⟨

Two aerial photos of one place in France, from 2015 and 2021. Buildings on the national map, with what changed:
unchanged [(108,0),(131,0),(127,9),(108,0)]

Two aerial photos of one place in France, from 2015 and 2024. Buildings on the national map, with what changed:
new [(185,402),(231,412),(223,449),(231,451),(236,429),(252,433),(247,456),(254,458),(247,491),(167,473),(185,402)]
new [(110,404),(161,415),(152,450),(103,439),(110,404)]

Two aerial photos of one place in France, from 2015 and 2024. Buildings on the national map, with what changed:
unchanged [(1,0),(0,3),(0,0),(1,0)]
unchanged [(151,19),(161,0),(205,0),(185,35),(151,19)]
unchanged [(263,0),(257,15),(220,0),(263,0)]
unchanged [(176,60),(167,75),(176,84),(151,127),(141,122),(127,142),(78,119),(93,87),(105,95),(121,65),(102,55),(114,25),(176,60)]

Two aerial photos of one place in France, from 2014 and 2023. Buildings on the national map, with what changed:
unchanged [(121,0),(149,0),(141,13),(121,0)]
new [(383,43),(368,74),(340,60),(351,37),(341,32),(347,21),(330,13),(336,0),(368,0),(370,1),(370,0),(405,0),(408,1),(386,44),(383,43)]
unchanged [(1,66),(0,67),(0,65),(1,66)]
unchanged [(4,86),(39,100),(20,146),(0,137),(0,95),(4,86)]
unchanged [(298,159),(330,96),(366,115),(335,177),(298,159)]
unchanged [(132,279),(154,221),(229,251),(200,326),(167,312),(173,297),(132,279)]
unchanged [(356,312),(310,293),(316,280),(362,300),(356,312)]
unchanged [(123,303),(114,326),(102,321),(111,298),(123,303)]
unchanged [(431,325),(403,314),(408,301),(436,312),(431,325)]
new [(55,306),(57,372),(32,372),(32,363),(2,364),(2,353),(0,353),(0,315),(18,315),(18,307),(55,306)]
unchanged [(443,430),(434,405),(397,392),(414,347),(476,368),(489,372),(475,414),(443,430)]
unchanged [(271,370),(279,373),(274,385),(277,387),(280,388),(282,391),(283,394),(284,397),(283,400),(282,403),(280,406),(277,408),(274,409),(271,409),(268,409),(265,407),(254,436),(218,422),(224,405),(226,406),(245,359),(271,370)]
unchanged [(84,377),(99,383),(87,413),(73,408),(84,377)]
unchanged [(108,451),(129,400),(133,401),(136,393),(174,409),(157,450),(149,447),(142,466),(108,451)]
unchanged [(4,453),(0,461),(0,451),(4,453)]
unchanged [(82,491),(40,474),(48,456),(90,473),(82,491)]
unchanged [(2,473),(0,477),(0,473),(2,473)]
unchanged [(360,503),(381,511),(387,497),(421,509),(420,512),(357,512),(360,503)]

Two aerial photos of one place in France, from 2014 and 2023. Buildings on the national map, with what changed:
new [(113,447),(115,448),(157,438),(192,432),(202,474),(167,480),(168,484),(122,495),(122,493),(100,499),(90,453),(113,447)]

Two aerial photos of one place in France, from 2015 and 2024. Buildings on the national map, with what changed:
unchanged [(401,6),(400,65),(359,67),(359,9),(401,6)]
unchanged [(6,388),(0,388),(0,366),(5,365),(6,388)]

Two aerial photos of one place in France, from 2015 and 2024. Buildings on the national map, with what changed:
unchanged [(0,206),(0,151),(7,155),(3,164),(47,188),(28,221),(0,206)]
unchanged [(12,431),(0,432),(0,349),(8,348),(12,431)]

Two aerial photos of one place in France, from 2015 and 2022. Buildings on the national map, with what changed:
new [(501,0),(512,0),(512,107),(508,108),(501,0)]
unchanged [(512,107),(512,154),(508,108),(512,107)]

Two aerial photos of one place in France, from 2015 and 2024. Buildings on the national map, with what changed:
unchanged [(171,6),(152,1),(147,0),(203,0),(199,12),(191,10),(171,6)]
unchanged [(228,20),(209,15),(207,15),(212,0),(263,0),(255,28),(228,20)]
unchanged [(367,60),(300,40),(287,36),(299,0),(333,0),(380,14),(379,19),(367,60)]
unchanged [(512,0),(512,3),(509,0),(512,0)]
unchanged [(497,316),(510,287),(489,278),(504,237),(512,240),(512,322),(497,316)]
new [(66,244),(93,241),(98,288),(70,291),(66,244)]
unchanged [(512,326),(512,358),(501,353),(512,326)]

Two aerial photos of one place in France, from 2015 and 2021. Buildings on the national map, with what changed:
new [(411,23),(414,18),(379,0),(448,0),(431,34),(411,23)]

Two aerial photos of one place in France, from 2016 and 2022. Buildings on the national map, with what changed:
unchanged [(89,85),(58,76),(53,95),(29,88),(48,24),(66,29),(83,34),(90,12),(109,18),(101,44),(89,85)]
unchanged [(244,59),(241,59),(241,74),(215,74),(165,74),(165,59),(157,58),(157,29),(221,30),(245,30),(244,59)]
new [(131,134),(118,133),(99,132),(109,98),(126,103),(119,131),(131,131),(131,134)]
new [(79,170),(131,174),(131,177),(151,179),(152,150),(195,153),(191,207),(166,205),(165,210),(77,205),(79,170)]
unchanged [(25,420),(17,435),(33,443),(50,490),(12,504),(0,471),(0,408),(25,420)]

⟩

Repeat every record exactly, so that nothing is lost or altered.

Two aerial photos of one place in France, from 2015 and 2021. Buildings on the national map, with what changed:
unchanged [(108,0),(131,0),(127,9),(108,0)]

Two aerial photos of one place in France, from 2015 and 2024. Buildings on the national map, with what changed:
new [(185,402),(231,412),(223,449),(231,451),(236,429),(252,433),(247,456),(254,458),(247,491),(167,473),(185,402)]
new [(110,404),(161,415),(152,450),(103,439),(110,404)]

Two aerial photos of one place in France, from 2015 and 2024. Buildings on the national map, with what changed:
unchanged [(1,0),(0,3),(0,0),(1,0)]
unchanged [(151,19),(161,0),(205,0),(185,35),(151,19)]
unchanged [(263,0),(257,15),(220,0),(263,0)]
unchanged [(176,60),(167,75),(176,84),(151,127),(141,122),(127,142),(78,119),(93,87),(105,95),(121,65),(102,55),(114,25),(176,60)]

Two aerial photos of one place in France, from 2014 and 2023. Buildings on the national map, with what changed:
unchanged [(121,0),(149,0),(141,13),(121,0)]
new [(383,43),(368,74),(340,60),(351,37),(341,32),(347,21),(330,13),(336,0),(368,0),(370,1),(370,0),(405,0),(408,1),(386,44),(383,43)]
unchanged [(1,66),(0,67),(0,65),(1,66)]
unchanged [(4,86),(39,100),(20,146),(0,137),(0,95),(4,86)]
unchanged [(298,159),(330,96),(366,115),(335,177),(298,159)]
unchanged [(132,279),(154,221),(229,251),(200,326),(167,312),(173,297),(132,279)]
unchanged [(356,312),(310,293),(316,280),(362,300),(356,312)]
unchanged [(123,303),(114,326),(102,321),(111,298),(123,303)]
unchanged [(431,325),(403,314),(408,301),(436,312),(431,325)]
new [(55,306),(57,372),(32,372),(32,363),(2,364),(2,353),(0,353),(0,315),(18,315),(18,307),(55,306)]
unchanged [(443,430),(434,405),(397,392),(414,347),(476,368),(489,372),(475,414),(443,430)]
unchanged [(271,370),(279,373),(274,385),(277,387),(280,388),(282,391),(283,394),(284,397),(283,400),(282,403),(280,406),(277,408),(274,409),(271,409),(268,409),(265,407),(254,436),(218,422),(224,405),(226,406),(245,359),(271,370)]
unchanged [(84,377),(99,383),(87,413),(73,408),(84,377)]
unchanged [(108,451),(129,400),(133,401),(136,393),(174,409),(157,450),(149,447),(142,466),(108,451)]
unchanged [(4,453),(0,461),(0,451),(4,453)]
unchanged [(82,491),(40,474),(48,456),(90,473),(82,491)]
unchanged [(2,473),(0,477),(0,473),(2,473)]
unchanged [(360,503),(381,511),(387,497),(421,509),(420,512),(357,512),(360,503)]

Two aerial photos of one place in France, from 2014 and 2023. Buildings on the national map, with what changed:
new [(113,447),(115,448),(157,438),(192,432),(202,474),(167,480),(168,484),(122,495),(122,493),(100,499),(90,453),(113,447)]

Two aerial photos of one place in France, from 2015 and 2024. Buildings on the national map, with what changed:
unchanged [(401,6),(400,65),(359,67),(359,9),(401,6)]
unchanged [(6,388),(0,388),(0,366),(5,365),(6,388)]

Two aerial photos of one place in France, from 2015 and 2024. Buildings on the national map, with what changed:
unchanged [(0,206),(0,151),(7,155),(3,164),(47,188),(28,221),(0,206)]
unchanged [(12,431),(0,432),(0,349),(8,348),(12,431)]

Two aerial photos of one place in France, from 2015 and 2022. Buildings on the national map, with what changed:
new [(501,0),(512,0),(512,107),(508,108),(501,0)]
unchanged [(512,107),(512,154),(508,108),(512,107)]

Two aerial photos of one place in France, from 2015 and 2024. Buildings on the national map, with what changed:
unchanged [(171,6),(152,1),(147,0),(203,0),(199,12),(191,10),(171,6)]
unchanged [(228,20),(209,15),(207,15),(212,0),(263,0),(255,28),(228,20)]
unchanged [(367,60),(300,40),(287,36),(299,0),(333,0),(380,14),(379,19),(367,60)]
unchanged [(512,0),(512,3),(509,0),(512,0)]
unchanged [(497,316),(510,287),(489,278),(504,237),(512,240),(512,322),(497,316)]
new [(66,244),(93,241),(98,288),(70,291),(66,244)]
unchanged [(512,326),(512,358),(501,353),(512,326)]

Two aerial photos of one place in France, from 2015 and 2021. Buildings on the national map, with what changed:
new [(411,23),(414,18),(379,0),(448,0),(431,34),(411,23)]

Two aerial photos of one place in France, from 2016 and 2022. Buildings on the national map, with what changed:
unchanged [(89,85),(58,76),(53,95),(29,88),(48,24),(66,29),(83,34),(90,12),(109,18),(101,44),(89,85)]
unchanged [(244,59),(241,59),(241,74),(215,74),(165,74),(165,59),(157,58),(157,29),(221,30),(245,30),(244,59)]
new [(131,134),(118,133),(99,132),(109,98),(126,103),(119,131),(131,131),(131,134)]
new [(79,170),(131,174),(131,177),(151,179),(152,150),(195,153),(191,207),(166,205),(165,210),(77,205),(79,170)]
unchanged [(25,420),(17,435),(33,443),(50,490),(12,504),(0,471),(0,408),(25,420)]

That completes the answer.